**** Given records

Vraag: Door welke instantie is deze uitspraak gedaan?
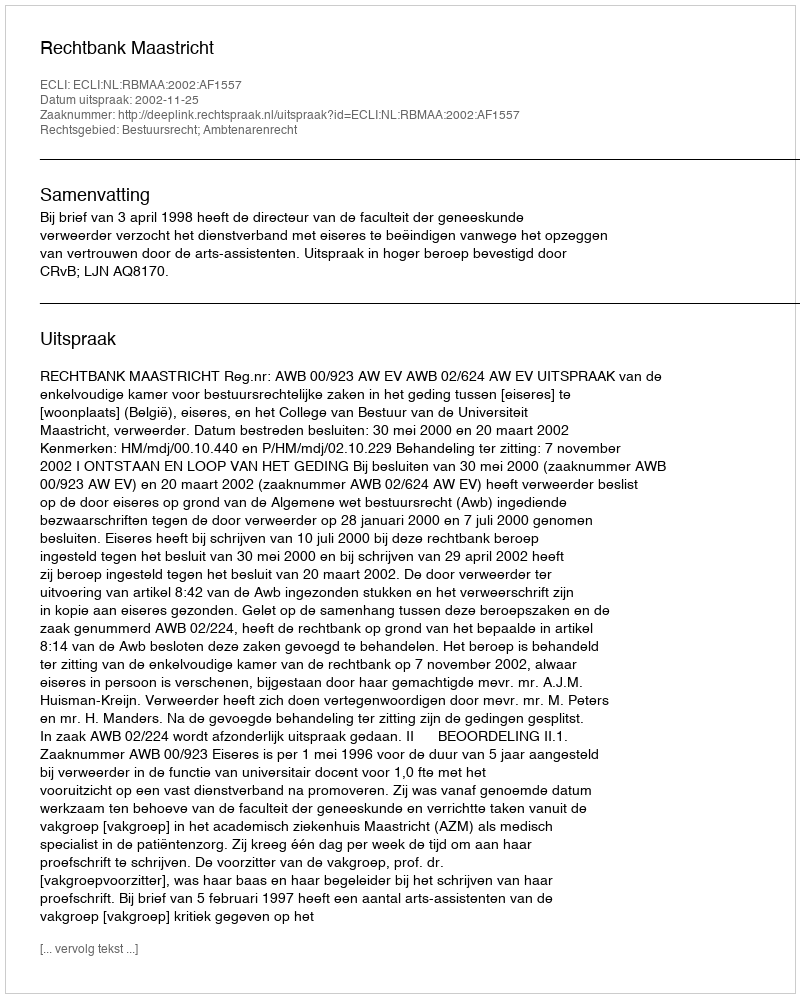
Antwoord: Rechtbank Maastricht
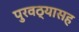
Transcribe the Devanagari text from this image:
पुरवठ्यासह
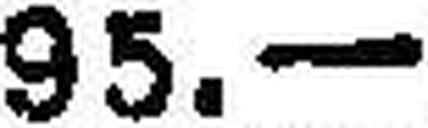
95.—
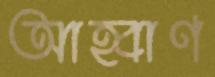
আহ্বাণ
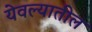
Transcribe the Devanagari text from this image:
येवल्यातील
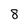
Character: 8
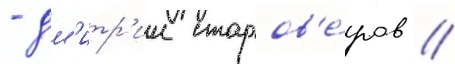
- дм'итр'ии старов'е́ров //
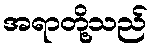
အရာတို့သည်
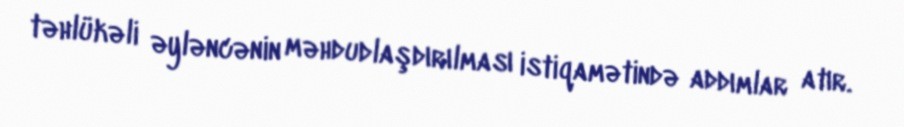
təhlükəli əyləncənin məhdudlaşdırılması istiqamətində addımlar atır.
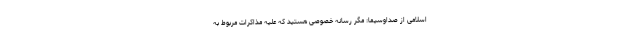
اسلامی از صداوسیما: مگر رسانه خصوصی هستید که علیه مذاکرات مربوط به
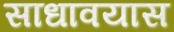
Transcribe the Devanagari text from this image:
साधावयास
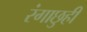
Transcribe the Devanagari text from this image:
रंगाछुही
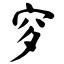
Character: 穸
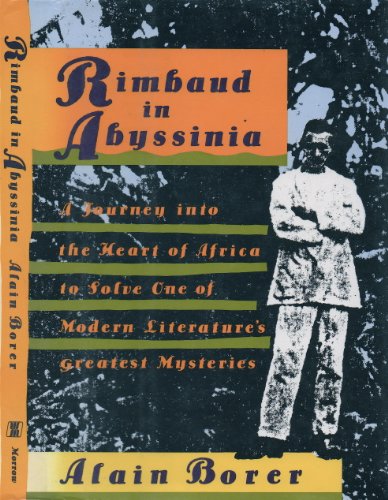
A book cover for Rimbaud in Abyssinia; Alain Borer; Travel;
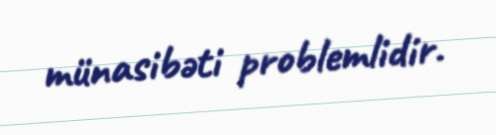
münasibəti problemlidir.
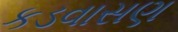
કડવાસણ
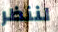
لننظر
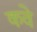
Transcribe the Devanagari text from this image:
कवे
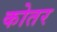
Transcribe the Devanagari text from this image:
कोतर
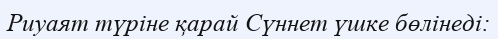
Риуаят түріне қарай Сүннет үшке бөлінеді:
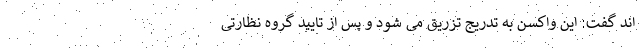
اند گفت: این واکسن به تدریج تزریق می شود و پس از تایید گروه نظارتی
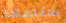
سنصعد
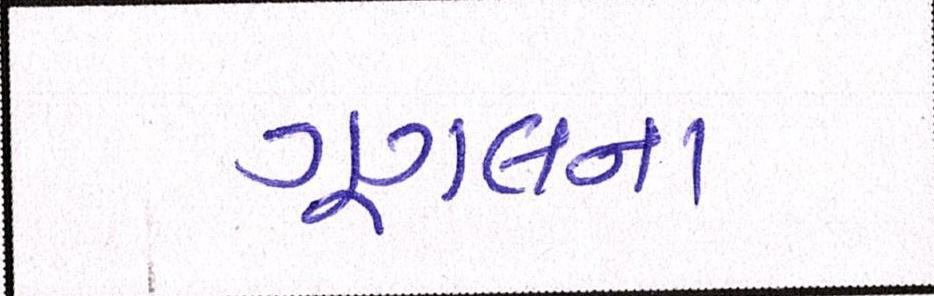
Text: ગૂગલના

********

> [Required action]: All the material shown above is to be copied exactly, with no pictures carried over.

> [Expected answer]:
Vraag: Door welke instantie is deze uitspraak gedaan?
Antwoord: Rechtbank Maastricht
Transcribe the Devanagari text from this image:
पुरवठ्यासह
95.—
আহ্বাণ
Transcribe the Devanagari text from this image:
येवल्यातील
Character: 8
- дм'итр'ии старов'е́ров //
အရာတို့သည်
təhlükəli əyləncənin məhdudlaşdırılması istiqamətində addımlar atır.
اسلامی از صداوسیما: مگر رسانه خصوصی هستید که علیه مذاکرات مربوط به
Transcribe the Devanagari text from this image:
साधावयास
Transcribe the Devanagari text from this image:
रंगाछुही
Character: 穸
A book cover for Rimbaud in Abyssinia; Alain Borer; Travel;
münasibəti problemlidir.
કડવાસણ
لننظر
Transcribe the Devanagari text from this image:
कवे
Transcribe the Devanagari text from this image:
कोतर
Риуаят түріне қарай Сүннет үшке бөлінеді:
اند گفت: این واکسن به تدریج تزریق می شود و پس از تایید گروه نظارتی
سنصعد
Text: ગૂગલના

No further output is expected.